• **Work item**: Send back all of the data, word for word.

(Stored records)
....................

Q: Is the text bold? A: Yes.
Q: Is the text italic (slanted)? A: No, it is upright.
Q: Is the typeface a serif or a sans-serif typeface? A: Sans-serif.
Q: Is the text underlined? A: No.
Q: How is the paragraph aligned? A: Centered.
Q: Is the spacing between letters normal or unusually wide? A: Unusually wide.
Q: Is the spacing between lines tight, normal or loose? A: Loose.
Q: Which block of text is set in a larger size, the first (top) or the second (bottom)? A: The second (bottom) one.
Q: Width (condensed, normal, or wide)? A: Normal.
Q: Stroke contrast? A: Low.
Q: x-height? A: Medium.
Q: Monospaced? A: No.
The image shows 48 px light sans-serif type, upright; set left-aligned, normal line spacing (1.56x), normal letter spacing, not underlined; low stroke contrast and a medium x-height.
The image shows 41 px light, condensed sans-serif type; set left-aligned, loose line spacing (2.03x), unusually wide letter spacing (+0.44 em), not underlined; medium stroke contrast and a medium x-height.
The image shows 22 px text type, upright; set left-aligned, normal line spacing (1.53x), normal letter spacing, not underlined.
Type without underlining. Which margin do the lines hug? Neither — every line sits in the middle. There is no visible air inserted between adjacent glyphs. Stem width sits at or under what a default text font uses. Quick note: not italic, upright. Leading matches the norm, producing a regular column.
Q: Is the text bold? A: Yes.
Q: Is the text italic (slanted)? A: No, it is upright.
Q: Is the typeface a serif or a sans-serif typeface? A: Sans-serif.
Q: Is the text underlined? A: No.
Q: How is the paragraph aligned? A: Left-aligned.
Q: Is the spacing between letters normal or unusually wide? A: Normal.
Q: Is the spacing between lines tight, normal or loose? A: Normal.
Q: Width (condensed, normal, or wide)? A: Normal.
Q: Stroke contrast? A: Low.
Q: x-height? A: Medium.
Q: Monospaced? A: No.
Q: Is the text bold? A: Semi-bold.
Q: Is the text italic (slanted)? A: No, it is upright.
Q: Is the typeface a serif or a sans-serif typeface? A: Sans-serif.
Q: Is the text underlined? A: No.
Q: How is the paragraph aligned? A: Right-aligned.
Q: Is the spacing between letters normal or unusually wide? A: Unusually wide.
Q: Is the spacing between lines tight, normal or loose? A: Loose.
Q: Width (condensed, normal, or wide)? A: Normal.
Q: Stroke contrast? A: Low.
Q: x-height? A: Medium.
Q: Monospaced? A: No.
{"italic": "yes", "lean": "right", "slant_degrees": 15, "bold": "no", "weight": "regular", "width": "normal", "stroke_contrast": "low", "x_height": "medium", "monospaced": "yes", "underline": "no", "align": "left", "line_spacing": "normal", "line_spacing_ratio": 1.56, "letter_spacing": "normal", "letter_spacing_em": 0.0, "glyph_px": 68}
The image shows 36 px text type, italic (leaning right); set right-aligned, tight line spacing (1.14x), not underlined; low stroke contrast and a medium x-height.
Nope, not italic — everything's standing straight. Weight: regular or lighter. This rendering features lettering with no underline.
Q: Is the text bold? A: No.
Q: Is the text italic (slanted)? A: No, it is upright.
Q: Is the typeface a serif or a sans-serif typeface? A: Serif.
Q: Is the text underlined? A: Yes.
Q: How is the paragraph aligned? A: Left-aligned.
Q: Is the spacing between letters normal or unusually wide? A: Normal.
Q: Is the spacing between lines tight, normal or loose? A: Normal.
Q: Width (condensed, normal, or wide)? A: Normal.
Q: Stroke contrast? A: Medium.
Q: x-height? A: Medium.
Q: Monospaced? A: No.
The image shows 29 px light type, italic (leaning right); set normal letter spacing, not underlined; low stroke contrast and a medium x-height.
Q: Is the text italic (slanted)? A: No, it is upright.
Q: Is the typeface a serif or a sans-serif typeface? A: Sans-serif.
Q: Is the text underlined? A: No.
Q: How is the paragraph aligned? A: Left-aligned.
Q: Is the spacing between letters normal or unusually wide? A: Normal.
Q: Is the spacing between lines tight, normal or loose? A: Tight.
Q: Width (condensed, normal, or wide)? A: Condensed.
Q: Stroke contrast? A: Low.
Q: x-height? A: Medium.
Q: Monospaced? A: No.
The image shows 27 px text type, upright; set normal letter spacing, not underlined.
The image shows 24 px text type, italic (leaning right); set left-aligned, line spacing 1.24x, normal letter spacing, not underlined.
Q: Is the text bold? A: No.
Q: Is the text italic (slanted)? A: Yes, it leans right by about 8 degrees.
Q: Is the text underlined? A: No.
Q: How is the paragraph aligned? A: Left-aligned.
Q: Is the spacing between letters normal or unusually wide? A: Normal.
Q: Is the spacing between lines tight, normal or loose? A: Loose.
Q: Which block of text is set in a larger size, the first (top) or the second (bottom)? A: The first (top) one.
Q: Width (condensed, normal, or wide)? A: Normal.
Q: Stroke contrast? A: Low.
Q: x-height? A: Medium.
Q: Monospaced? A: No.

....................

• **Response to this task**:
Q: Is the text bold? A: Yes.
Q: Is the text italic (slanted)? A: No, it is upright.
Q: Is the typeface a serif or a sans-serif typeface? A: Sans-serif.
Q: Is the text underlined? A: No.
Q: How is the paragraph aligned? A: Centered.
Q: Is the spacing between letters normal or unusually wide? A: Unusually wide.
Q: Is the spacing between lines tight, normal or loose? A: Loose.
Q: Which block of text is set in a larger size, the first (top) or the second (bottom)? A: The second (bottom) one.
Q: Width (condensed, normal, or wide)? A: Normal.
Q: Stroke contrast? A: Low.
Q: x-height? A: Medium.
Q: Monospaced? A: No.
The image shows 48 px light sans-serif type, upright; set left-aligned, normal line spacing (1.56x), normal letter spacing, not underlined; low stroke contrast and a medium x-height.
The image shows 41 px light, condensed sans-serif type; set left-aligned, loose line spacing (2.03x), unusually wide letter spacing (+0.44 em), not underlined; medium stroke contrast and a medium x-height.
The image shows 22 px text type, upright; set left-aligned, normal line spacing (1.53x), normal letter spacing, not underlined.
Type without underlining. Which margin do the lines hug? Neither — every line sits in the middle. There is no visible air inserted between adjacent glyphs. Stem width sits at or under what a default text font uses. Quick note: not italic, upright. Leading matches the norm, producing a regular column.
Q: Is the text bold? A: Yes.
Q: Is the text italic (slanted)? A: No, it is upright.
Q: Is the typeface a serif or a sans-serif typeface? A: Sans-serif.
Q: Is the text underlined? A: No.
Q: How is the paragraph aligned? A: Left-aligned.
Q: Is the spacing between letters normal or unusually wide? A: Normal.
Q: Is the spacing between lines tight, normal or loose? A: Normal.
Q: Width (condensed, normal, or wide)? A: Normal.
Q: Stroke contrast? A: Low.
Q: x-height? A: Medium.
Q: Monospaced? A: No.
Q: Is the text bold? A: Semi-bold.
Q: Is the text italic (slanted)? A: No, it is upright.
Q: Is the typeface a serif or a sans-serif typeface? A: Sans-serif.
Q: Is the text underlined? A: No.
Q: How is the paragraph aligned? A: Right-aligned.
Q: Is the spacing between letters normal or unusually wide? A: Unusually wide.
Q: Is the spacing between lines tight, normal or loose? A: Loose.
Q: Width (condensed, normal, or wide)? A: Normal.
Q: Stroke contrast? A: Low.
Q: x-height? A: Medium.
Q: Monospaced? A: No.
{"italic": "yes", "lean": "right", "slant_degrees": 15, "bold": "no", "weight": "regular", "width": "normal", "stroke_contrast": "low", "x_height": "medium", "monospaced": "yes", "underline": "no", "align": "left", "line_spacing": "normal", "line_spacing_ratio": 1.56, "letter_spacing": "normal", "letter_spacing_em": 0.0, "glyph_px": 68}
The image shows 36 px text type, italic (leaning right); set right-aligned, tight line spacing (1.14x), not underlined; low stroke contrast and a medium x-height.
Nope, not italic — everything's standing straight. Weight: regular or lighter. This rendering features lettering with no underline.
Q: Is the text bold? A: No.
Q: Is the text italic (slanted)? A: No, it is upright.
Q: Is the typeface a serif or a sans-serif typeface? A: Serif.
Q: Is the text underlined? A: Yes.
Q: How is the paragraph aligned? A: Left-aligned.
Q: Is the spacing between letters normal or unusually wide? A: Normal.
Q: Is the spacing between lines tight, normal or loose? A: Normal.
Q: Width (condensed, normal, or wide)? A: Normal.
Q: Stroke contrast? A: Medium.
Q: x-height? A: Medium.
Q: Monospaced? A: No.
The image shows 29 px light type, italic (leaning right); set normal letter spacing, not underlined; low stroke contrast and a medium x-height.
Q: Is the text italic (slanted)? A: No, it is upright.
Q: Is the typeface a serif or a sans-serif typeface? A: Sans-serif.
Q: Is the text underlined? A: No.
Q: How is the paragraph aligned? A: Left-aligned.
Q: Is the spacing between letters normal or unusually wide? A: Normal.
Q: Is the spacing between lines tight, normal or loose? A: Tight.
Q: Width (condensed, normal, or wide)? A: Condensed.
Q: Stroke contrast? A: Low.
Q: x-height? A: Medium.
Q: Monospaced? A: No.
The image shows 27 px text type, upright; set normal letter spacing, not underlined.
The image shows 24 px text type, italic (leaning right); set left-aligned, line spacing 1.24x, normal letter spacing, not underlined.
Q: Is the text bold? A: No.
Q: Is the text italic (slanted)? A: Yes, it leans right by about 8 degrees.
Q: Is the text underlined? A: No.
Q: How is the paragraph aligned? A: Left-aligned.
Q: Is the spacing between letters normal or unusually wide? A: Normal.
Q: Is the spacing between lines tight, normal or loose? A: Loose.
Q: Which block of text is set in a larger size, the first (top) or the second (bottom)? A: The first (top) one.
Q: Width (condensed, normal, or wide)? A: Normal.
Q: Stroke contrast? A: Low.
Q: x-height? A: Medium.
Q: Monospaced? A: No.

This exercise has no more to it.